– Господи, где мои восемнадцать лет! Ах если бы сейчас – я бы кое-что повернула по-другому.
– Как вчера Блейз?
– А что Блейз? Блейз слюнтяй. По-моему, он просто матроны своей боится. Хотя он и скандала боится, и решить что-нибудь боится, и всего на свете. Я, конечно, устроила ему славную ночку, а что толку? Ему только бы его оставили в покое. Ну я и оставила. Короче, тоска.
– Женатые мужчины всегда трясутся за свои семьи, – заметила Пинн. – Многие погуливают, гоняются за молоденькими, но все равно, дом для них – святая обитель. И Блейз твой такой же, трясется за свое сокровище. Так что в конце концов его матрона восторжествует.
– Когда он будет, этот конец? – усмехнулась Эмили. Они с Пинн уже позавтракали и пили кофе. Люка ушел в школу. Или не в школу – в общем, ушел. В кухне было жарко, пахло мусорным ведром и чем-то горелым. На всех поверхностях лоснилась жировая пленка, такая равномерно тонкая, что казалось, будто жир днем и ночью вплывает в окно вместе с летним городским воздухом. Везде, даже на скатерти, темнели отпечатки пальцев. От Ричмонд-роуд доносился непрерывный рев и скрежет. – Эх, убила бы себя. Да видно, кишка тонка.

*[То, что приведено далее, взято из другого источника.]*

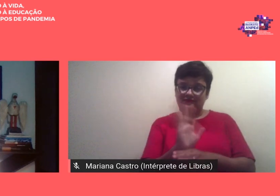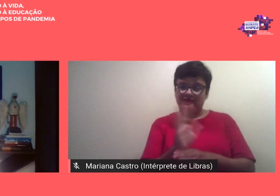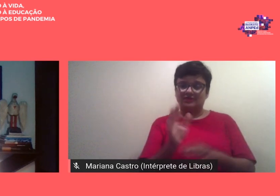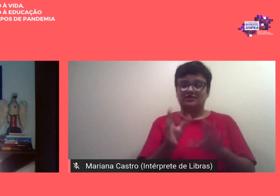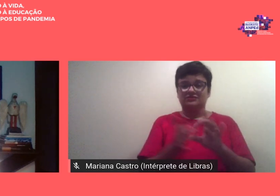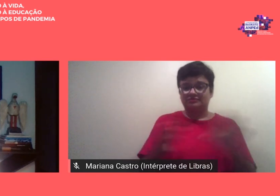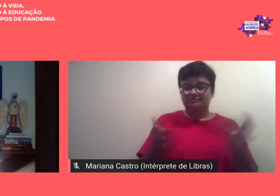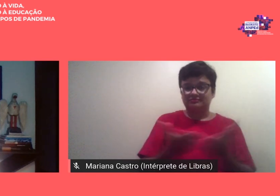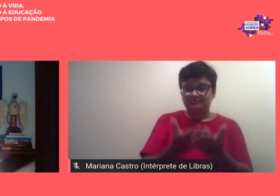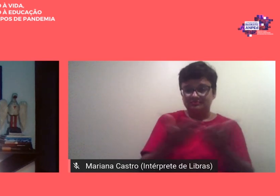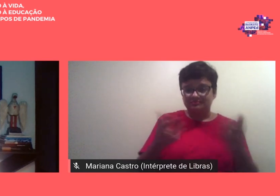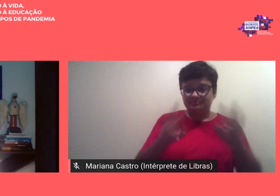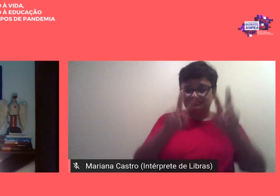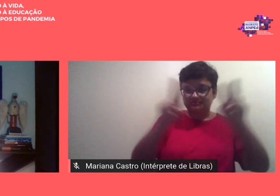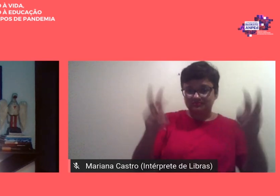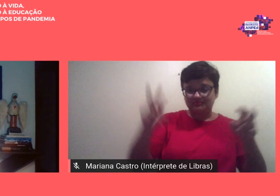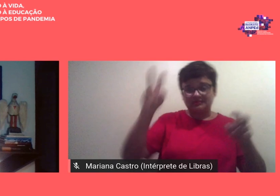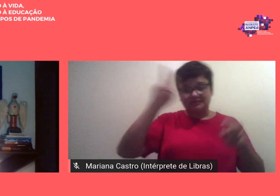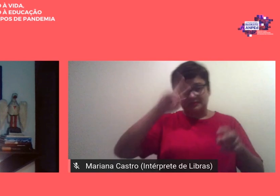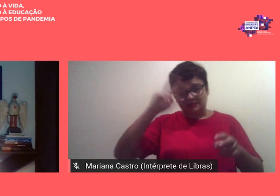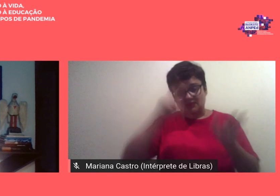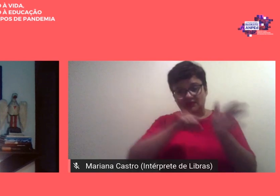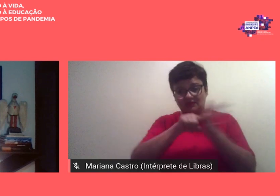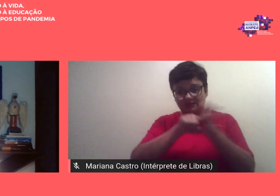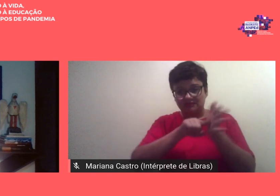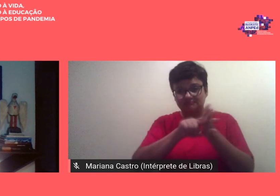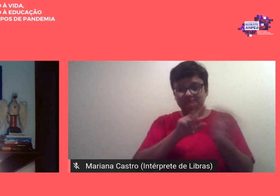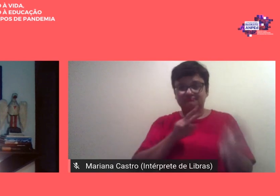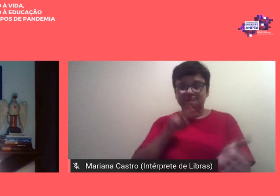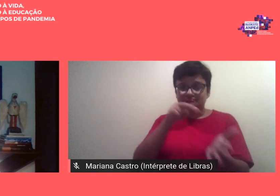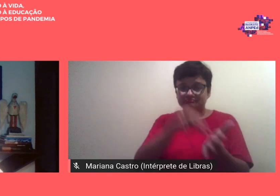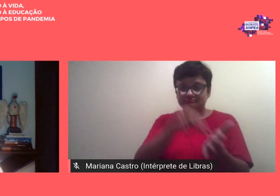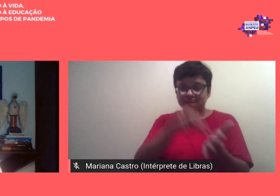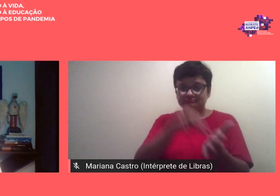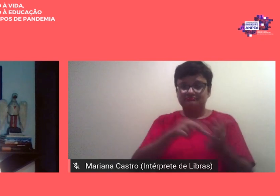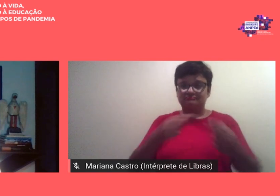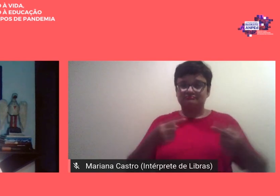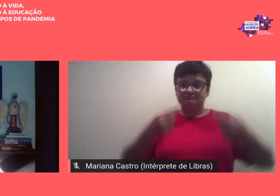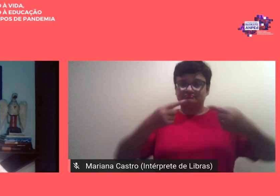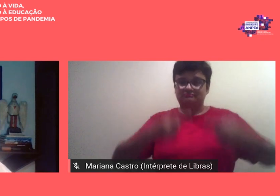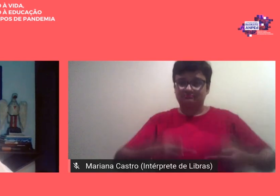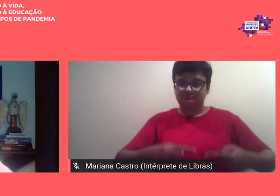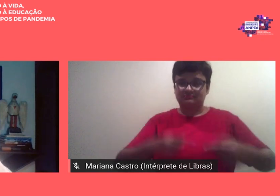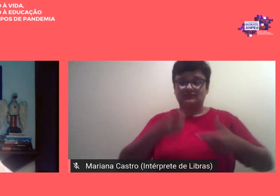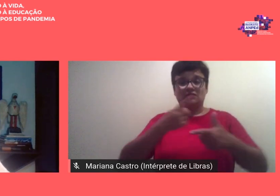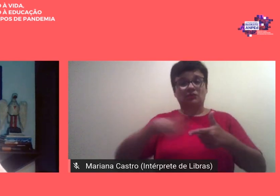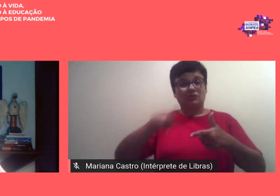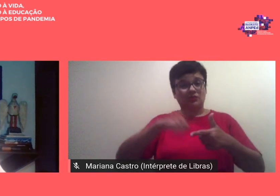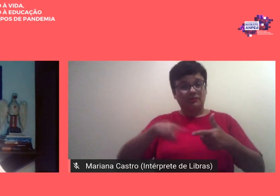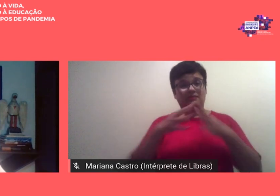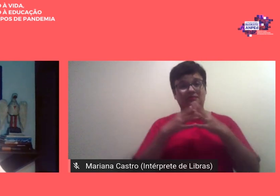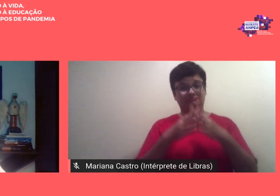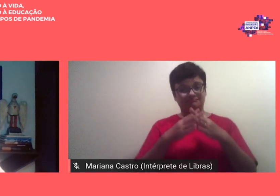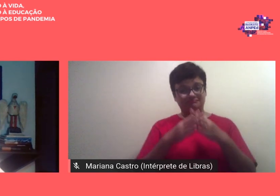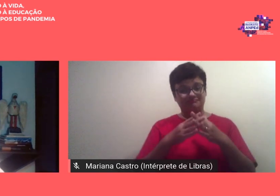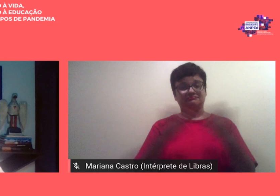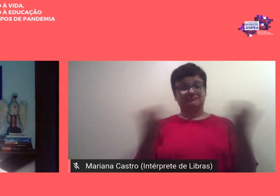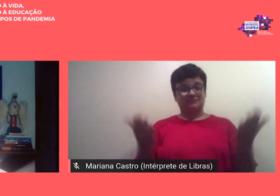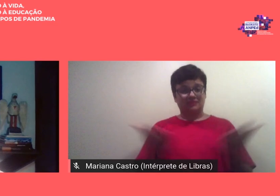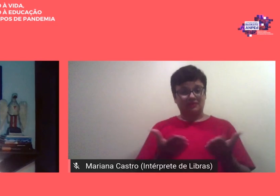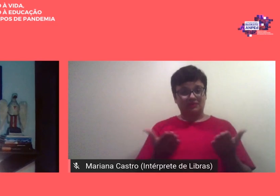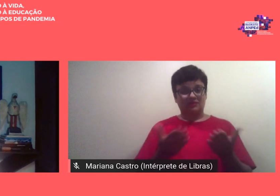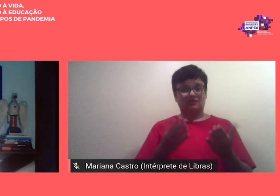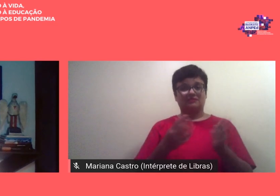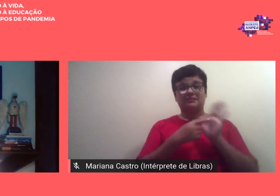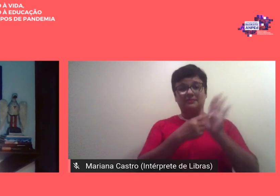pesquisas que resistem em contextos desafiadores os problemas e questões complexos que abordamos aqui

Пинн ковырялась в зубах оранжевой маникюрной пластмассовой палочкой, которой она обычно подчищала себе ногти у основания.
– Ты должна на него как следует нажать, – сказала она.
– Я и так жму, жму, да что-то ни с места.
– Ты не жмешь, ты канючишь – показываешь свою слабость, и все. Так ты его только раздражаешь, это дает ему силы сопротивляться. Ты должна нажать на него по-настоящему, понимаешь? Потребуй, чтобы он рассказал все жене, а не то ты ей расскажешь.
Эмили немного помолчала. На ней был все тот же розовый стеганый халатишко. Переодеваться не хотелось, да и незачем. Этой ночью ей приснилась кошка с изуродованной страшной головой. Кошка упала в водосточную трубу, и Эмили пыталась вытащить ее снизу. Но из трубы выпадали одни только черные сгустки грязи. Кошки не было, она разложилась.
– Понимаешь, я ведь тоже боюсь, – сказала она. – Я боюсь его потерять. У меня Люка. И вообще, вся моя жизнь катится черт знает куда, а я только смотрю и ничего не могу сделать. Блейз хотя бы о нас заботится и относится вполне прилично – особенно если учесть, какие концерты я ему устраиваю. Это я из него кровь сосу, а не он из меня. Бросить он меня не бросит, тут я спокойна. А так просто взять и потерять все я не могу. Не могу, честное слово. Если я подложу ему такую свинью, он может просто озвереть. Правда. Может выкинуть все, что угодно. О боже, какая я трусиха.
– Это точно, – сказала Пинн. – Ты трусиха. Я бы не потерпела. Во всяком случае, я бы уж постаралась разнести эту его вшивую «обитель». Конечно, его матроне хорошо: у нее там все в полном ажуре, все любо-мило, прямо идиллия. И ему хорошо, успевает и там и тут, живет припеваючи. Но если матрона узнает, что ее муженек брехло паршивое, что он от тебя без памяти, а ее столько лет водит за нос, – она, пожалуй, запоет по-другому. Глядишь, и ему у семейного очага покажется уже не так уютно. Послушает для разнообразия, как она орет, вопит и рыдает, может, и сбежит от нее к тебе. Пока что у него там все так распрекрасно, так законно – чем не убежище? Он и спешит каждый раз от тебя туда, зализывать раны. А разнеси ты его убежище в щепки – ему придется подыскивать себе что-то другое. Вот тогда и хватай быка за рога, это твой шанс. Думала ты об этом?
– Господи, да обо всем я думала… Но я не знаю. Я просто не могу знать, что случится, вдруг он… возненавидит меня и… Мало ли как все обернется.
– Это да, – сказала Пинн. – Но я бы на твоем месте захотела посмотреть на ее слезы.